Work task:
Exactly the lines below from the line with "The face used" through the line with "Q: Is the text italic (slanted)? A: No, it" must make up the answer, both ends included and pictures left out.

Recorded data
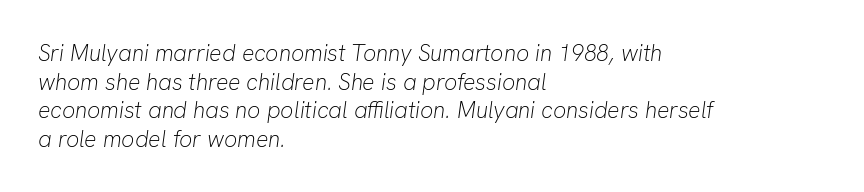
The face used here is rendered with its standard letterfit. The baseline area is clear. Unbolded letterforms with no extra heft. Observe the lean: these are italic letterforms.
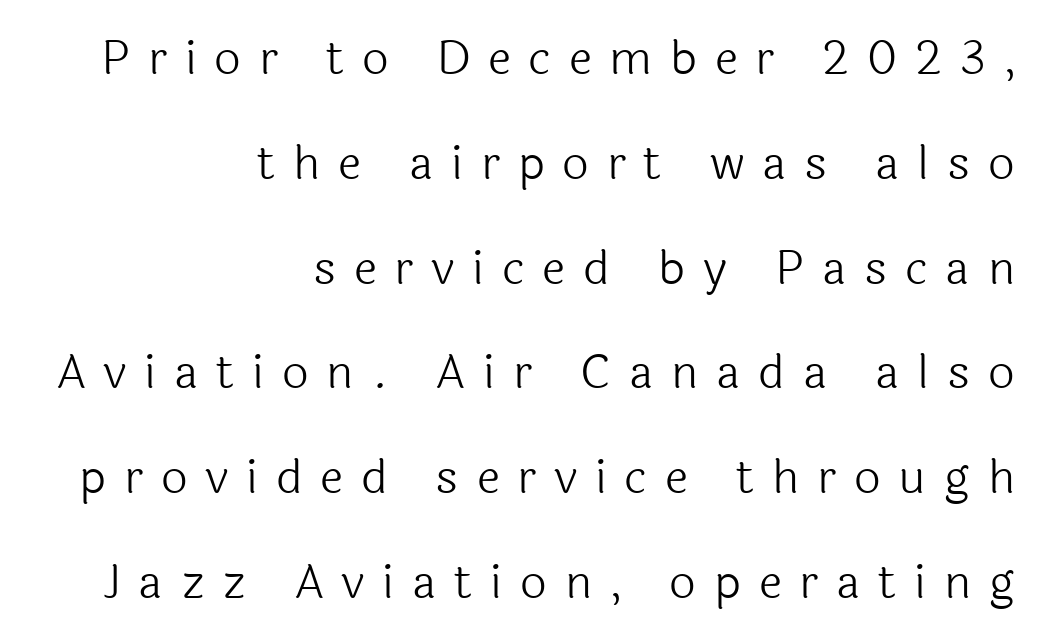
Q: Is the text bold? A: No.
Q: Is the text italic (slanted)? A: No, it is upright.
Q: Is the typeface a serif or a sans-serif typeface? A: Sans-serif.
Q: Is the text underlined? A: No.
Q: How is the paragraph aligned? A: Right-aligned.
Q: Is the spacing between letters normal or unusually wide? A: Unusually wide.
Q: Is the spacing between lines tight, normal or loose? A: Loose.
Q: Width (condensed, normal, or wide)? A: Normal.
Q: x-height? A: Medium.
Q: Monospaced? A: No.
...
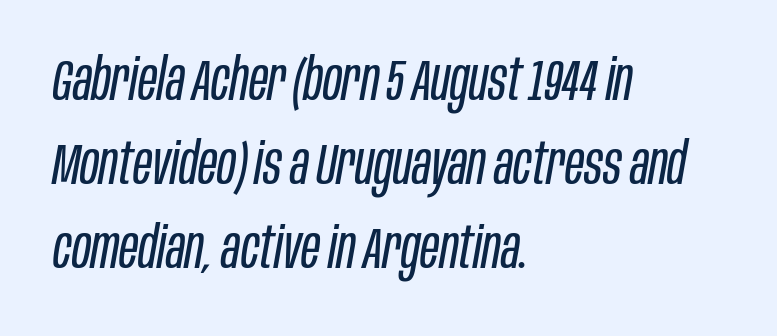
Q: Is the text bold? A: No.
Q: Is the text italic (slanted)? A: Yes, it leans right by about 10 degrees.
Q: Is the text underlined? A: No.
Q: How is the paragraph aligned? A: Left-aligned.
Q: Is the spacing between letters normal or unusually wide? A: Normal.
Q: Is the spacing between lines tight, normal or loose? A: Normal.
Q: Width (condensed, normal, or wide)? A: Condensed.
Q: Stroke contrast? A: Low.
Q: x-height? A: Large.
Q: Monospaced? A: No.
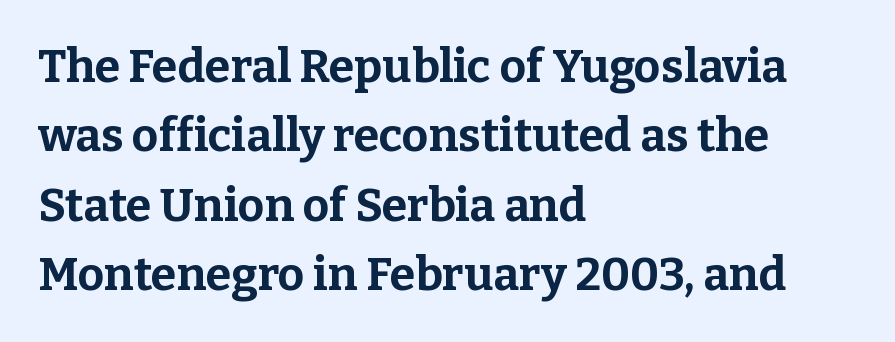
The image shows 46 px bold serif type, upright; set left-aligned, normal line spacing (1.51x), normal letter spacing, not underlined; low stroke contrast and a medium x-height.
--
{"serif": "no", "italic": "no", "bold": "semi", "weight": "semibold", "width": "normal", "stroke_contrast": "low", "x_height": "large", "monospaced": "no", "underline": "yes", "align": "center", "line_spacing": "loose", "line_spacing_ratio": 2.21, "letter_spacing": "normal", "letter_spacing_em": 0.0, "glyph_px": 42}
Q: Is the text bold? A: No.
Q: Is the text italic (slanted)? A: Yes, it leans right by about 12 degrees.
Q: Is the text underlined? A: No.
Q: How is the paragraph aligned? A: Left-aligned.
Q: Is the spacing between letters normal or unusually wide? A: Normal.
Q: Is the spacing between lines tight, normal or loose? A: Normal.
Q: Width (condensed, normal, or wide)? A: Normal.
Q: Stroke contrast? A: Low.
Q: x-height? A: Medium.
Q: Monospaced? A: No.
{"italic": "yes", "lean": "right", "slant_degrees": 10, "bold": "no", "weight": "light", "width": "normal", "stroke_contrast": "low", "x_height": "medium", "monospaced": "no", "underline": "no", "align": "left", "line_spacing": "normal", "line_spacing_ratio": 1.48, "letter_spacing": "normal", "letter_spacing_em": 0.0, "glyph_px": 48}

Your response:
The face used here is rendered with its standard letterfit. The baseline area is clear. Unbolded letterforms with no extra heft. Observe the lean: these are italic letterforms.
Q: Is the text bold? A: No.
Q: Is the text italic (slanted)? A: No, it is upright.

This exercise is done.